第36話邪魔をしてくる軍を排除するぞ!

 ぐちゅり。


 執拗に怒りを込めた張り手が地面に叩きつけられる。されど怒りは止まず二度、三度と地面を叩く。癇癪をおこす子供のようにヒトだったものをバラバラにすり潰す。


 むしゃり。


 食べる意味もないのに、周囲に響き渡るように歯ぎしりを行う。されど心は晴れずヒトのようなものを奥歯で轢き肉にする。


 「ぁっ■■■!」

 

 ヒトには断末魔すら許さぬと眼窩がんかの底に光のようなものが収束し放たれる。地面の上に、我が物顔で聳え立つビル群が一つ、二つ、三つと貫かれ四つ目でとまり。ドロドロに溶けて行く。

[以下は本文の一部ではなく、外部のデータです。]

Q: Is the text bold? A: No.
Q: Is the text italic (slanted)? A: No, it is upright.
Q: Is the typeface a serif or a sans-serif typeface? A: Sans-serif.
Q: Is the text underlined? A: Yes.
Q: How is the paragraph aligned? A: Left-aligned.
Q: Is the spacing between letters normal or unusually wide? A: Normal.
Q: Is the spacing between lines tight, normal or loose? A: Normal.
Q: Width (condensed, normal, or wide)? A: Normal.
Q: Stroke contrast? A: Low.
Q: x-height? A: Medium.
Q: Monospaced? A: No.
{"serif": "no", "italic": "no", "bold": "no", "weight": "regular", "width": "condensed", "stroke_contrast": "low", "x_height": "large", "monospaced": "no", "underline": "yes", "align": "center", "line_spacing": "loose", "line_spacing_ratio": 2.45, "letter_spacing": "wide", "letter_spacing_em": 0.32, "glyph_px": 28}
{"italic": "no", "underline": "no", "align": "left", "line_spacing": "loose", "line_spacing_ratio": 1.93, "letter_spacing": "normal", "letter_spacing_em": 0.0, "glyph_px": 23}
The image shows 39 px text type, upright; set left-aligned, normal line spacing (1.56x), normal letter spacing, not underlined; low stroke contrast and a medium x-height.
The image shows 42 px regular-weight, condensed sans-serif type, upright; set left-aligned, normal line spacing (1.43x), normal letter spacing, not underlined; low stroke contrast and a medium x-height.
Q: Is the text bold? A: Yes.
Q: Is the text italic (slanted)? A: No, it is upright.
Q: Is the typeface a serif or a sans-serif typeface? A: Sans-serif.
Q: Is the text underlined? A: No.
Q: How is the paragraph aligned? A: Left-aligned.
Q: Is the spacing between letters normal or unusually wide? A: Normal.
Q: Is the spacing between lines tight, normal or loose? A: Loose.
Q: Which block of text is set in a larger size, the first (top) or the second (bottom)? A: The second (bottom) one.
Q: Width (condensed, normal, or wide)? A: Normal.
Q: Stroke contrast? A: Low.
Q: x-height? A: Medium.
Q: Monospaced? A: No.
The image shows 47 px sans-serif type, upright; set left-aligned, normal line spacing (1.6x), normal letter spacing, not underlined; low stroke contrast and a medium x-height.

 収まらぬ殺意はとどまるとこを知らない。今の光で数百の命の花が弾け咲いた。

 

 いたぁい。


 首筋にギシリと奥まで響く鈍痛が、なんだぁ? 俺の邪魔をするんじゃあねえぞぉ? 俺はぁ怒りを【表す神】だ。

 消えぬ怒りの業火ごうかと、膨張し自らをも焼きつくす増悪の劫火ごうかなりぃ。ひざまけ、平伏ひれふせ、こうべを垂れろ。さすれば先に死をたまわろうぞ?







 がしゃ髑髏の首筋に最大出力のダガー二本で、骨の継ぎ目を狙い定め全力で切り込んだはずだがひびぐらいしかはいりゃしねぇ。

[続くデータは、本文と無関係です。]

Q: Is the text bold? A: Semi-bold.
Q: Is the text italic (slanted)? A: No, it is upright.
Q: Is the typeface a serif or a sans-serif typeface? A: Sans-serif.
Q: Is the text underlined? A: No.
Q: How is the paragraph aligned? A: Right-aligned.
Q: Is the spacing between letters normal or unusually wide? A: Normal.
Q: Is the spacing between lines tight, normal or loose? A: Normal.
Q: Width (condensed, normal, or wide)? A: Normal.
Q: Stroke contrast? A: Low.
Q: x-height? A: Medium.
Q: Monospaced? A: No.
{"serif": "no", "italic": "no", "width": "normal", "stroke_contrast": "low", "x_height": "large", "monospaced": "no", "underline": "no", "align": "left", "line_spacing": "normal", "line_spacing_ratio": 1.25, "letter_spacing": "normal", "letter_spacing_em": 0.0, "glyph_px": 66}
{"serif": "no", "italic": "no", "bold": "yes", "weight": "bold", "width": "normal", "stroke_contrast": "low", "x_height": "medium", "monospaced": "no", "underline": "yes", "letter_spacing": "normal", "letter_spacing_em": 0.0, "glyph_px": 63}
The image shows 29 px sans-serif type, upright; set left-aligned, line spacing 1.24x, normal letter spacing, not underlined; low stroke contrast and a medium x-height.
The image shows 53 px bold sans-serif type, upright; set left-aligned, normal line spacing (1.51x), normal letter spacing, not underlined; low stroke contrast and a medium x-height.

 がしゃ髑髏の周辺に黒い霧のようなものが現出し、違和感を感じた時には地面に叩き付けられていた。


『周辺に高重力場が観測されています至急退避を』


「――ッッできれば――やってるッ…………」


 自機も重力のおりに捕らわれる、コクピット内に各部位の損傷を示すステータスが表示され警告音が鳴り響く。胴部に一番の高負荷が念入りかかっており、機体の姿は正に頭を垂れる犯罪者のようだ。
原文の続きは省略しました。